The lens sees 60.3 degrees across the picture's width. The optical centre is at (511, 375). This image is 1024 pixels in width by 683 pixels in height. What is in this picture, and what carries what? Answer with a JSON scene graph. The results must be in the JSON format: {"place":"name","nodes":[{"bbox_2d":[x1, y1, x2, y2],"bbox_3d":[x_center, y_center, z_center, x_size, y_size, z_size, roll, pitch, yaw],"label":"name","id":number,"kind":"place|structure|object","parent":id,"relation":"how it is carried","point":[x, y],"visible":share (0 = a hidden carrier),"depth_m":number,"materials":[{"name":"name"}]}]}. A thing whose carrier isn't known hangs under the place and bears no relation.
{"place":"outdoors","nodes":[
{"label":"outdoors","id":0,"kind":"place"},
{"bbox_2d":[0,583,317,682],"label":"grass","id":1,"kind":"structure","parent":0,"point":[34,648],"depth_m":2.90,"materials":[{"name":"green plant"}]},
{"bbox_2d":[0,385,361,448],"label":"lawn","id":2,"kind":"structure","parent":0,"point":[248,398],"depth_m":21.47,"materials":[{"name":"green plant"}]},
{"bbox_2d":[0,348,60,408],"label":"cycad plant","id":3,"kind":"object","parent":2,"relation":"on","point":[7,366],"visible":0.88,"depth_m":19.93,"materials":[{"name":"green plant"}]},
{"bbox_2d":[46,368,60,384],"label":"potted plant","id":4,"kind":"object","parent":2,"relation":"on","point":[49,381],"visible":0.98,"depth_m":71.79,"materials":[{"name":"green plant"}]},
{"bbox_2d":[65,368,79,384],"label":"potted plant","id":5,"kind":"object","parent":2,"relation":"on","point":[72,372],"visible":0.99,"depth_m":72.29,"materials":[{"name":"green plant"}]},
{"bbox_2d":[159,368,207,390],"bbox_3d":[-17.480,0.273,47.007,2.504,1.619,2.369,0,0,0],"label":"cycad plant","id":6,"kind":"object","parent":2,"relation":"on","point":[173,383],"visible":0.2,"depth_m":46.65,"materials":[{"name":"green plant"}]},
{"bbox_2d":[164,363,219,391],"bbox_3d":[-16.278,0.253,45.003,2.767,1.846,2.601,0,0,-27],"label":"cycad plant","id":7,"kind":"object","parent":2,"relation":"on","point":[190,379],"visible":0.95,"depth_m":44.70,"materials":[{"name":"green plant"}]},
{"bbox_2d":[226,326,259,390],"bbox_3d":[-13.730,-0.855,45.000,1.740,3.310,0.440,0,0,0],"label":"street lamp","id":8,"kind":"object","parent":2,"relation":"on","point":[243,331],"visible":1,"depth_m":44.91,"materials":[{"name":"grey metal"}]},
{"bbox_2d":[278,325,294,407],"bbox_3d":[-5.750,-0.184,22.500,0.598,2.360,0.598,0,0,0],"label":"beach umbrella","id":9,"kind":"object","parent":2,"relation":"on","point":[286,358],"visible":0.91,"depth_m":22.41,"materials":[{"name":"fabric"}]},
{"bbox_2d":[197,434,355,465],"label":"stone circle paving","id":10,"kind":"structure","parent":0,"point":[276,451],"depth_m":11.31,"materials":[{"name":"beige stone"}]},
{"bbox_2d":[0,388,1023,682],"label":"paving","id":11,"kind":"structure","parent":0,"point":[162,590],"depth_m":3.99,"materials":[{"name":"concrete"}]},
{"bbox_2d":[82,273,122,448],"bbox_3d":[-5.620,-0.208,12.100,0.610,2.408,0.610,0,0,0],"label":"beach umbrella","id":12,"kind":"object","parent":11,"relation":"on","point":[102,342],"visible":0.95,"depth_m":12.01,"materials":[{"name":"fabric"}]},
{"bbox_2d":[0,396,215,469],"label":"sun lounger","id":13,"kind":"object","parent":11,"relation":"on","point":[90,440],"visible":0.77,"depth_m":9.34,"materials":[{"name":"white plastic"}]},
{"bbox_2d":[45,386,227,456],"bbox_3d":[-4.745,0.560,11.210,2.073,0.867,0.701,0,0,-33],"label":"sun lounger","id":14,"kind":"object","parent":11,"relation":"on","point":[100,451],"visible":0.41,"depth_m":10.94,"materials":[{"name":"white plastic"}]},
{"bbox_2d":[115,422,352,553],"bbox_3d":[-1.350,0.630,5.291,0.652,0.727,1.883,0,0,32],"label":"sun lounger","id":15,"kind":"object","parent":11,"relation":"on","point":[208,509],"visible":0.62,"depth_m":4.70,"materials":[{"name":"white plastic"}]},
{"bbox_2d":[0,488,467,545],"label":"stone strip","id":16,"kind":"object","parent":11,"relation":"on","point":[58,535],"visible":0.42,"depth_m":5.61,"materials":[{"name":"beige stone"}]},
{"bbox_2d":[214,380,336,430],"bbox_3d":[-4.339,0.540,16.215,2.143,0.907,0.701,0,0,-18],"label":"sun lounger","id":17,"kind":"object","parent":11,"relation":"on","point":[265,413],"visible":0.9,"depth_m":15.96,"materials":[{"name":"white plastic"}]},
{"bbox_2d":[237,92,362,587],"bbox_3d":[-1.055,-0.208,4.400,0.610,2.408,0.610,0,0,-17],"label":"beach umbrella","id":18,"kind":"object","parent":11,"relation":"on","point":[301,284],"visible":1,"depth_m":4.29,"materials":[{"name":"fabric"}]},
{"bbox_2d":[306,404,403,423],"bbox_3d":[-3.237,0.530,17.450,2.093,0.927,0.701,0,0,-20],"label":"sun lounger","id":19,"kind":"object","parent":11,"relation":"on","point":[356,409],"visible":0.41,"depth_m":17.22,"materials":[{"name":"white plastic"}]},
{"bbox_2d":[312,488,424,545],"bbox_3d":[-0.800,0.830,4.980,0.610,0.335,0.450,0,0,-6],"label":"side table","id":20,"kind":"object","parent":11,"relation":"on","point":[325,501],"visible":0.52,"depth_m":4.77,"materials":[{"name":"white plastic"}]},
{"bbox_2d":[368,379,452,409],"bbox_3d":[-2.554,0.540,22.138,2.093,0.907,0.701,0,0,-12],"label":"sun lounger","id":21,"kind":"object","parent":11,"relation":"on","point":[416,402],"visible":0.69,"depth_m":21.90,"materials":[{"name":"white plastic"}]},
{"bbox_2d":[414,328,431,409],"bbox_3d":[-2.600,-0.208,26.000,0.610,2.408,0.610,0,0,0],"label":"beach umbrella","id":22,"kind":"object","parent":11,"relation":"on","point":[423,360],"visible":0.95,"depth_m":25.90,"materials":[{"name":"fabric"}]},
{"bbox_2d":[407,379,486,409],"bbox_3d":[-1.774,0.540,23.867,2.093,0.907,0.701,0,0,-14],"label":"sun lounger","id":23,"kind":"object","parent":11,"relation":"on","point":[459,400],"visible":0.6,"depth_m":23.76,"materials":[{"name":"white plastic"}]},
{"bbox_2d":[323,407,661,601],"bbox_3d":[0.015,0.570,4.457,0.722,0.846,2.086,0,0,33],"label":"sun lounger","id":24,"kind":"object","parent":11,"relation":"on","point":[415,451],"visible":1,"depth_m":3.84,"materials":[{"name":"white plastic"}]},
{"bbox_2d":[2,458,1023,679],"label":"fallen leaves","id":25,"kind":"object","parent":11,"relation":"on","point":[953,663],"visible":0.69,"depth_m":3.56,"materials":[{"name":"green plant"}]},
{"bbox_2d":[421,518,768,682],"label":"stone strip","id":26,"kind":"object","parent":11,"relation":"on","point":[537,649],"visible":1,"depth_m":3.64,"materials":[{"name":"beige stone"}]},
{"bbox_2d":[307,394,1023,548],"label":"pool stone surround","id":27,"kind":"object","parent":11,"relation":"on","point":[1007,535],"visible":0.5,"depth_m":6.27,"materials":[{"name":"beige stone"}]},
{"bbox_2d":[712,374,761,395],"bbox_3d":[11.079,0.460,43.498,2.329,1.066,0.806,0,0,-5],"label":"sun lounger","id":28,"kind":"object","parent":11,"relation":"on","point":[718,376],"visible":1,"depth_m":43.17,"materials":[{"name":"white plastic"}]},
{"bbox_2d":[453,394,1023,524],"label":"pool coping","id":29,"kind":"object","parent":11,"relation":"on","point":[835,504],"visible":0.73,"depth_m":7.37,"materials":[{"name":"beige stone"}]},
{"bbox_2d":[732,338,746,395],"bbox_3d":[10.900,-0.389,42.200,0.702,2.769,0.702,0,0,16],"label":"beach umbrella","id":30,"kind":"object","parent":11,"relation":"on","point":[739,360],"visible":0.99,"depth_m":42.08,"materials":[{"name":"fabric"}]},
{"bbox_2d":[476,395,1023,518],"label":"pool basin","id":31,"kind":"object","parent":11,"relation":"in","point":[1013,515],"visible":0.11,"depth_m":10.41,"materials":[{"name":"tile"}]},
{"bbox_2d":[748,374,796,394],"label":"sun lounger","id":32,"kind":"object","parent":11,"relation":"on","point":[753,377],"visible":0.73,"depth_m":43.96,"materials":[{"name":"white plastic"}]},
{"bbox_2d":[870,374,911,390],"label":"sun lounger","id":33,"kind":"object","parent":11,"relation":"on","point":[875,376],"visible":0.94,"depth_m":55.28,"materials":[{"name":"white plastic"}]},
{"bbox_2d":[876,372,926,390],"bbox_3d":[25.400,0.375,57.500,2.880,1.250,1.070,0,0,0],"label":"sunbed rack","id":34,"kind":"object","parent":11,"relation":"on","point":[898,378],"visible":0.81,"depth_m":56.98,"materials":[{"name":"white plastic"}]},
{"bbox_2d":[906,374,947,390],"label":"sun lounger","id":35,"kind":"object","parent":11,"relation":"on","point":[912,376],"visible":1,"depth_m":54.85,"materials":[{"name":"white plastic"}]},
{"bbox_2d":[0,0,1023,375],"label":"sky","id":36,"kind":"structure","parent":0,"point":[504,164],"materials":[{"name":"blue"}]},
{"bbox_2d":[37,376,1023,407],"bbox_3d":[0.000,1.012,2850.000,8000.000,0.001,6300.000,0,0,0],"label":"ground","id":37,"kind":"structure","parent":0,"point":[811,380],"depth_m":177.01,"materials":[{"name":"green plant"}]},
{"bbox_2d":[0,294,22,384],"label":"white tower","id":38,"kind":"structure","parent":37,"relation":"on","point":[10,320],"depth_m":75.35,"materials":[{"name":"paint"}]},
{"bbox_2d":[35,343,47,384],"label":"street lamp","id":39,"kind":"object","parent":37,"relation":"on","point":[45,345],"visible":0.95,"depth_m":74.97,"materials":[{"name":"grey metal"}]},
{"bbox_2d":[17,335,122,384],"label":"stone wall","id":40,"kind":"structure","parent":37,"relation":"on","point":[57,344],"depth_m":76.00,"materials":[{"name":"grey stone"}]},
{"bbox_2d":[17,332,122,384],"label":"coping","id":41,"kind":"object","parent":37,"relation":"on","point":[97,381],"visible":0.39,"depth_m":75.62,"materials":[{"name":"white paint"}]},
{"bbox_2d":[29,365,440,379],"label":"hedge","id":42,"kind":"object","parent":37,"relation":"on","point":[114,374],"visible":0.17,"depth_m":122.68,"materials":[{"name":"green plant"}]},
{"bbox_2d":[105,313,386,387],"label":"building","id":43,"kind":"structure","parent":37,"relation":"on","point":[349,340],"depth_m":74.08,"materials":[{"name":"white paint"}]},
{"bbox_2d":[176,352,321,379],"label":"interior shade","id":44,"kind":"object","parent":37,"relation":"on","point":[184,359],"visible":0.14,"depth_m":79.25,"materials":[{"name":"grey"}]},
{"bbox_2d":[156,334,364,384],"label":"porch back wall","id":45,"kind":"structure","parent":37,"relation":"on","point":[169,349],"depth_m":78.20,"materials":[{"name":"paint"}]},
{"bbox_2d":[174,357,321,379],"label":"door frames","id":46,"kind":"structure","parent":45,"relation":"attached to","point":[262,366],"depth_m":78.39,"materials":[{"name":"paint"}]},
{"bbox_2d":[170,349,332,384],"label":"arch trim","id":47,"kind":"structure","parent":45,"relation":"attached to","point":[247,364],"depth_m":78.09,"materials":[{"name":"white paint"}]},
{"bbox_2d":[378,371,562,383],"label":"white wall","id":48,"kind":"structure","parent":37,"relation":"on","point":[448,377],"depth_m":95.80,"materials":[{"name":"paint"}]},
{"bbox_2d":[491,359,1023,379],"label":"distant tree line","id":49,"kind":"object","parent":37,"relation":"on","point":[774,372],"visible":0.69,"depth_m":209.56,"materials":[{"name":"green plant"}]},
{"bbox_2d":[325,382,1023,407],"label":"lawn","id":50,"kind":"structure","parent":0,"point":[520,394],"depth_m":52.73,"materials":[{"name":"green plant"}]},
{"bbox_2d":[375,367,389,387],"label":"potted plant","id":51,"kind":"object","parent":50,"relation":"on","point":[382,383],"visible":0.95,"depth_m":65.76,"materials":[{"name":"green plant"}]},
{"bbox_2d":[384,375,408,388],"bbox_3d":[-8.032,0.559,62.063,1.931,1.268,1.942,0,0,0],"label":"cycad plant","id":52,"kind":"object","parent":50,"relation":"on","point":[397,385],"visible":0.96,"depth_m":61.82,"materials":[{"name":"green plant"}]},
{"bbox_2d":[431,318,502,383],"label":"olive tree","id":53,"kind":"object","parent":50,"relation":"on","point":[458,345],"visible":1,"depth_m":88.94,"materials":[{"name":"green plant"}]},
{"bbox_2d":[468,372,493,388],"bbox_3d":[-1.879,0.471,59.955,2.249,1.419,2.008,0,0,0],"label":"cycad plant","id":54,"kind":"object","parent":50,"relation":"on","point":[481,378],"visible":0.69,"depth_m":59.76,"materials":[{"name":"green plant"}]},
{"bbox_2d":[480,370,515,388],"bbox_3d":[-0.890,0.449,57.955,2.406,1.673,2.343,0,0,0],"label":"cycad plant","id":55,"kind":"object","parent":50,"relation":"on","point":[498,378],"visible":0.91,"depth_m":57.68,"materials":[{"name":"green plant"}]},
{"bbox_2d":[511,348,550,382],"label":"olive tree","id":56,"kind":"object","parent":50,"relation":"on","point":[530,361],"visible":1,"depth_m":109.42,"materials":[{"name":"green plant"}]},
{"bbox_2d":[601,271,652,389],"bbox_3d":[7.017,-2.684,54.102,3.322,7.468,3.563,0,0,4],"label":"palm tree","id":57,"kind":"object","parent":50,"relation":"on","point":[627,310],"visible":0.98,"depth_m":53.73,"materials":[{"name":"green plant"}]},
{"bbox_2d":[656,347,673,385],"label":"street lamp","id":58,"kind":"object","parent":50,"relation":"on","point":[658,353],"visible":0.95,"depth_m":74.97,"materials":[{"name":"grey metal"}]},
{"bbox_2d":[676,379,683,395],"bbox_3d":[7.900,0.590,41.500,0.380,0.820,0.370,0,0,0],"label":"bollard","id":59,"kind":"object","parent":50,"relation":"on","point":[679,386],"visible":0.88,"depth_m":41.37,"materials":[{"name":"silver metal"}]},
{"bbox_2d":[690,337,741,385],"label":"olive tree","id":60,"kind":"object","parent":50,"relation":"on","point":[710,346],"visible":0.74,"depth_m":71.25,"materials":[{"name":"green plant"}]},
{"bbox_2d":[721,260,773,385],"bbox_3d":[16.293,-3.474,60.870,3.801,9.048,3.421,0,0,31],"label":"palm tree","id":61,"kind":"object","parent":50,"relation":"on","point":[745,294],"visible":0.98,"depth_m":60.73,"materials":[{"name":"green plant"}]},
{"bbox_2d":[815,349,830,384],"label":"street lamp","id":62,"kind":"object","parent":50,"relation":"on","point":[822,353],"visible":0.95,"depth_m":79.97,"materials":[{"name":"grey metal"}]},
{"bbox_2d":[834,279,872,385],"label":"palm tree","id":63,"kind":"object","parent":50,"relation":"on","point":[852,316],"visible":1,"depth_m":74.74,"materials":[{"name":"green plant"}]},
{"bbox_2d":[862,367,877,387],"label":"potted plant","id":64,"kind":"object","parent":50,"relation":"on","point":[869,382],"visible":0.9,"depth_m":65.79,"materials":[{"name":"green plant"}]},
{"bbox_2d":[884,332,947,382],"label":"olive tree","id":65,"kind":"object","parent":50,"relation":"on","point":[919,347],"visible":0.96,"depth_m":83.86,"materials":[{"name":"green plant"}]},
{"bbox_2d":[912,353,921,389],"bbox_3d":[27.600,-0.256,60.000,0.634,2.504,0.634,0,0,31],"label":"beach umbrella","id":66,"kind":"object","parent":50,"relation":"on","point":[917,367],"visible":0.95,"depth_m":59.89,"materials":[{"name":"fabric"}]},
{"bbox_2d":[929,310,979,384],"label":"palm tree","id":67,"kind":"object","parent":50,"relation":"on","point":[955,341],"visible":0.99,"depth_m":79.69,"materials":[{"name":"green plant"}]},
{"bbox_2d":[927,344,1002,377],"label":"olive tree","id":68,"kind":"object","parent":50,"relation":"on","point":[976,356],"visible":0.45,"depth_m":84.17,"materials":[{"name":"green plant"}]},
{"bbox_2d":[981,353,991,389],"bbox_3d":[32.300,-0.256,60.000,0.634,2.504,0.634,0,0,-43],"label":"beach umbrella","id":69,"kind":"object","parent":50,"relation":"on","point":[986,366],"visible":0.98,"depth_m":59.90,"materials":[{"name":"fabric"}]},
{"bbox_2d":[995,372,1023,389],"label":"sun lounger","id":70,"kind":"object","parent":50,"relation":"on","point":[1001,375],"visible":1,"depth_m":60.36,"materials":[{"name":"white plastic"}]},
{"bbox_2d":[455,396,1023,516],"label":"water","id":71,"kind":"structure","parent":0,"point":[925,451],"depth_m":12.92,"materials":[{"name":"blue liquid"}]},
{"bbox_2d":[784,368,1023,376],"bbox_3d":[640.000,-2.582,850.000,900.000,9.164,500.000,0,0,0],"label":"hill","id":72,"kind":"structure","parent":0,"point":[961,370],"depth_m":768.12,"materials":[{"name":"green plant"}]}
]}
********
Show, from the records above, every line that includes "lawn".

§ **Output**:
{"bbox_2d":[0,385,361,448],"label":"lawn","id":2,"kind":"structure","parent":0,"point":[248,398],"depth_m":21.47,"materials":[{"name":"green plant"}]},
{"bbox_2d":[325,382,1023,407],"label":"lawn","id":50,"kind":"structure","parent":0,"point":[520,394],"depth_m":52.73,"materials":[{"name":"green plant"}]},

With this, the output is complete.